[Opening Given entries section]
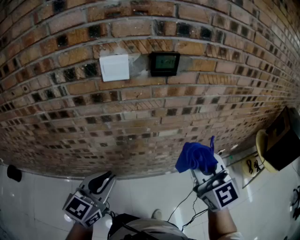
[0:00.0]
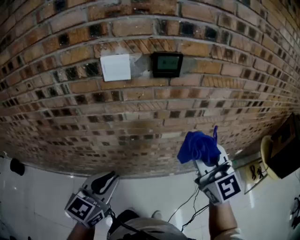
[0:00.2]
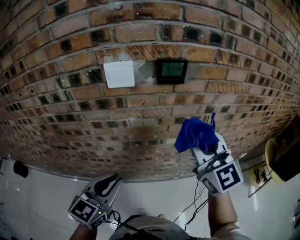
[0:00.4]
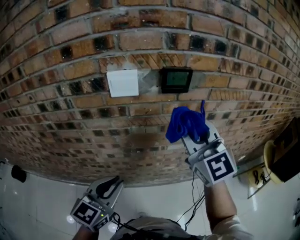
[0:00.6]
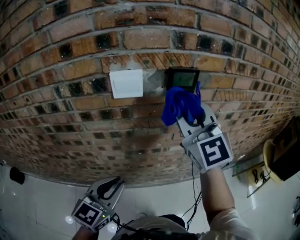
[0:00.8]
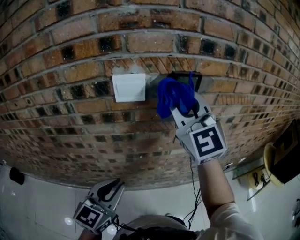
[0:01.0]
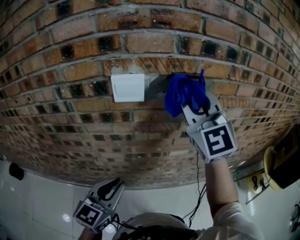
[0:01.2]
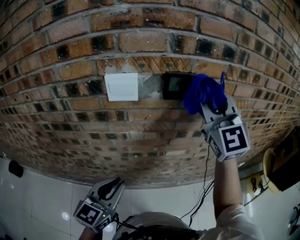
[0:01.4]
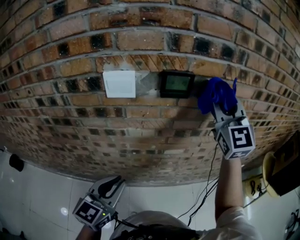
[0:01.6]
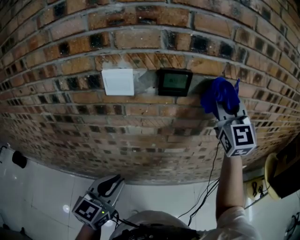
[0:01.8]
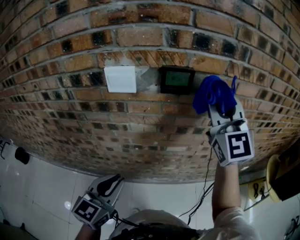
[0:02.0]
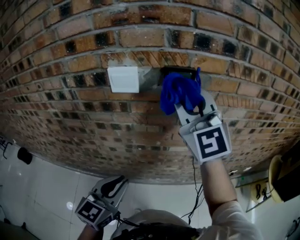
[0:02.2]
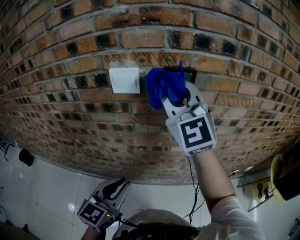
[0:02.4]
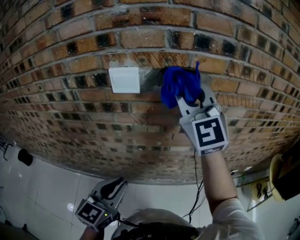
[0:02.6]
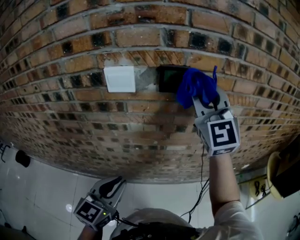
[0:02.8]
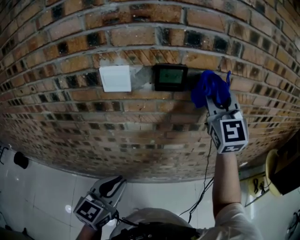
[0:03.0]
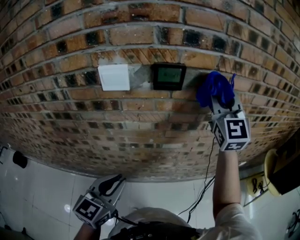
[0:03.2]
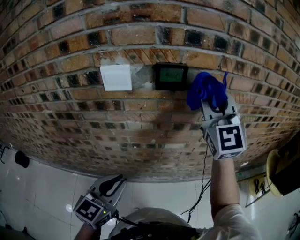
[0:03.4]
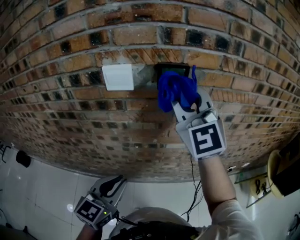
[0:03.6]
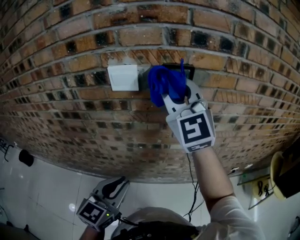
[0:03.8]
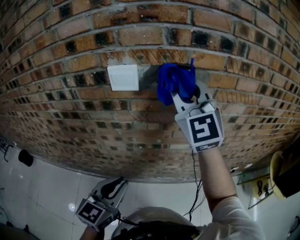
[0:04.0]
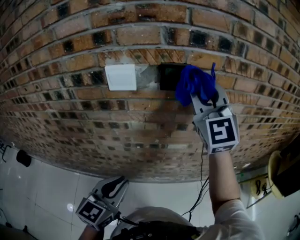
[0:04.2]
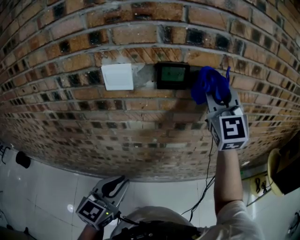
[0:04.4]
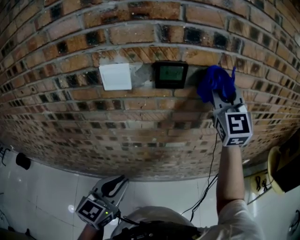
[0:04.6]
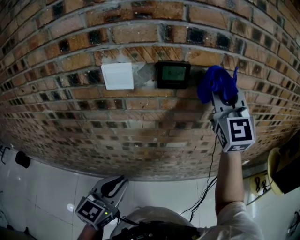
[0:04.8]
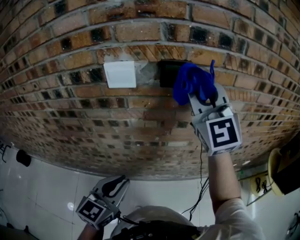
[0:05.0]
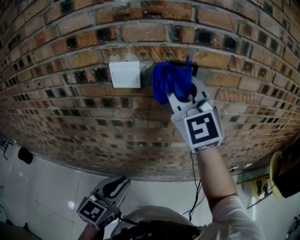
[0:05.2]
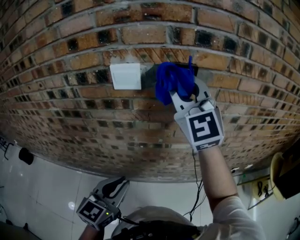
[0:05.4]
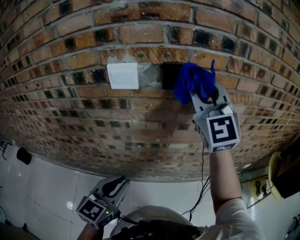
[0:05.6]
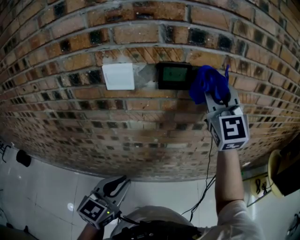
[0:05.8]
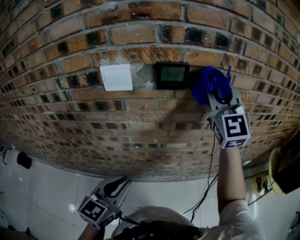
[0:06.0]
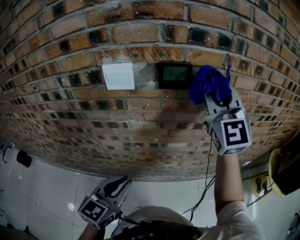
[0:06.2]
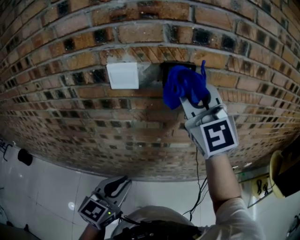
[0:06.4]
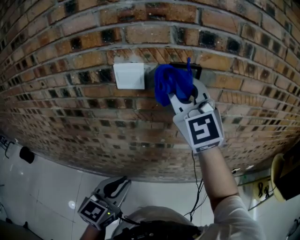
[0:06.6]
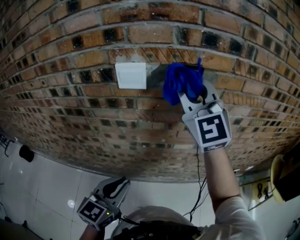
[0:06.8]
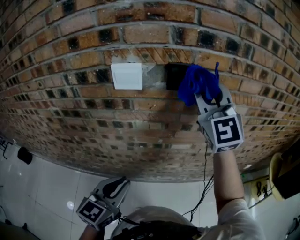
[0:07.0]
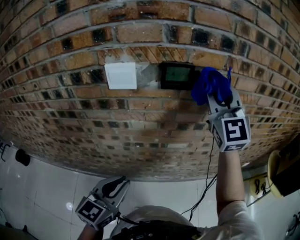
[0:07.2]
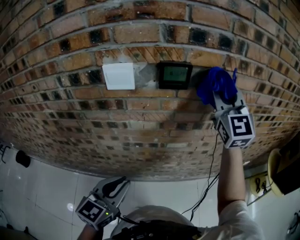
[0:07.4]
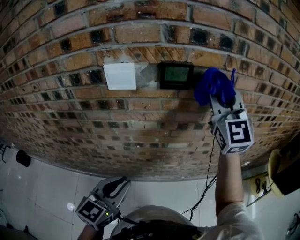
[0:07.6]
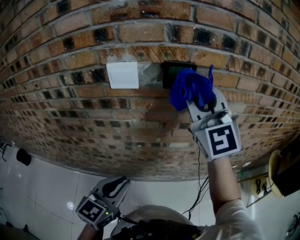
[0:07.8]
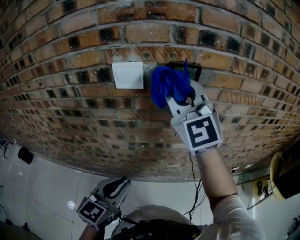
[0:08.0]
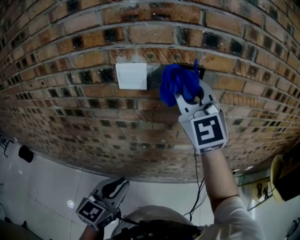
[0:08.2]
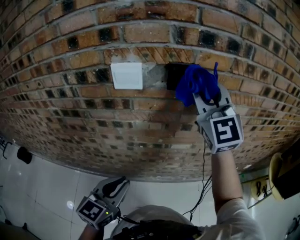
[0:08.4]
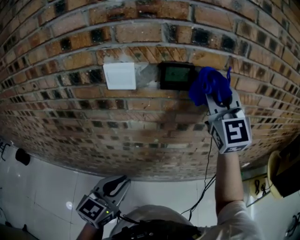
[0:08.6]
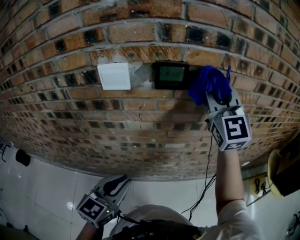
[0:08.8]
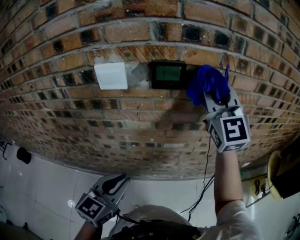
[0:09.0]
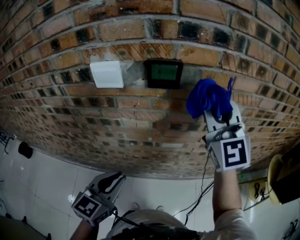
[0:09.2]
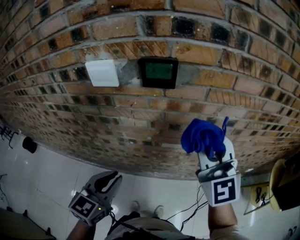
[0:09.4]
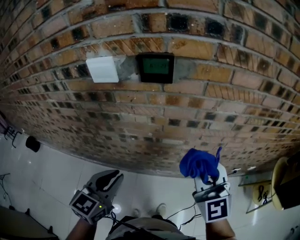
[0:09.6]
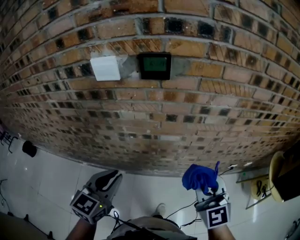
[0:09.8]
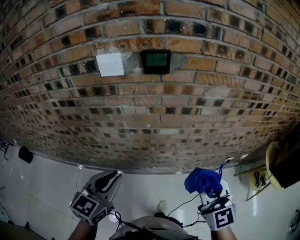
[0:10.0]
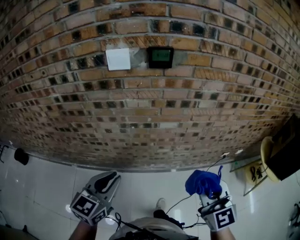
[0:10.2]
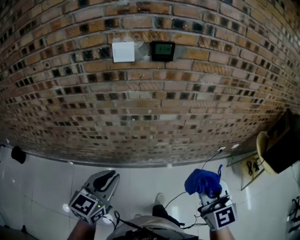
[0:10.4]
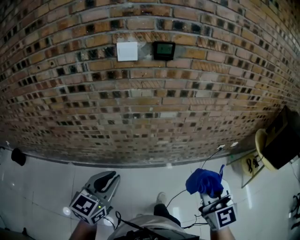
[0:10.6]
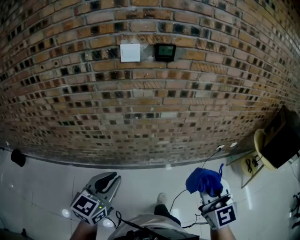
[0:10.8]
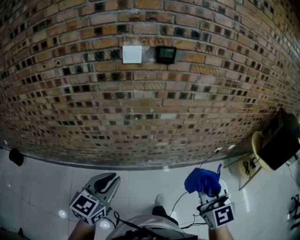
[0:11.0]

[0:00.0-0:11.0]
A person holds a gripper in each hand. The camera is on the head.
0:00.0 to 0:01.6: The left gripper heads forward, covering some 5 cm. Meanwhile the right gripper shifts approximately 25 cm forward and upward, and swivels roughly 20 degrees.
0:01.6 to 0:03.2: The right gripper goes to the left and returns, approximately 15 cm each way.
0:03.2 to 0:04.8: The right gripper moves roughly 20 cm to the left and comes back.
0:04.8 to 0:06.2: The right gripper goes to the left and returns, approximately 15 cm each way.
0:06.2 to 0:07.8: The right gripper swings left and right, some 15 cm each way, with 2 reversals.
0:07.8 to 0:09.4: The right gripper shifts about 15 cm to the right and downward. Meanwhile the left gripper ends up approximately 5 cm from where it was.
0:09.4 to 0:11.0: The right gripper heads backward, covering about 40 cm; the left gripper goes roughly 25 cm backward.
[Closing Given entries section]
* Exercise *
Leave the images out and transcribe the remaining data above word for word.

* Task response *
[0:00.0]
[0:00.2]
[0:00.4]
[0:00.6]
[0:00.8]
[0:01.0]
[0:01.2]
[0:01.4]
[0:01.6]
[0:01.8]
[0:02.0]
[0:02.2]
[0:02.4]
[0:02.6]
[0:02.8]
[0:03.0]
[0:03.2]
[0:03.4]
[0:03.6]
[0:03.8]
[0:04.0]
[0:04.2]
[0:04.4]
[0:04.6]
[0:04.8]
[0:05.0]
[0:05.2]
[0:05.4]
[0:05.6]
[0:05.8]
[0:06.0]
[0:06.2]
[0:06.4]
[0:06.6]
[0:06.8]
[0:07.0]
[0:07.2]
[0:07.4]
[0:07.6]
[0:07.8]
[0:08.0]
[0:08.2]
[0:08.4]
[0:08.6]
[0:08.8]
[0:09.0]
[0:09.2]
[0:09.4]
[0:09.6]
[0:09.8]
[0:10.0]
[0:10.2]
[0:10.4]
[0:10.6]
[0:10.8]
[0:11.0]

[0:00.0-0:11.0]
A person holds a gripper in each hand. The camera is on the head.
0:00.0 to 0:01.6: The left gripper heads forward, covering some 5 cm. Meanwhile the right gripper shifts approximately 25 cm forward and upward, and swivels roughly 20 degrees.
0:01.6 to 0:03.2: The right gripper goes to the left and returns, approximately 15 cm each way.
0:03.2 to 0:04.8: The right gripper moves roughly 20 cm to the left and comes back.
0:04.8 to 0:06.2: The right gripper goes to the left and returns, approximately 15 cm each way.
0:06.2 to 0:07.8: The right gripper swings left and right, some 15 cm each way, with 2 reversals.
0:07.8 to 0:09.4: The right gripper shifts about 15 cm to the right and downward. Meanwhile the left gripper ends up approximately 5 cm from where it was.
0:09.4 to 0:11.0: The right gripper heads backward, covering about 40 cm; the left gripper goes roughly 25 cm backward.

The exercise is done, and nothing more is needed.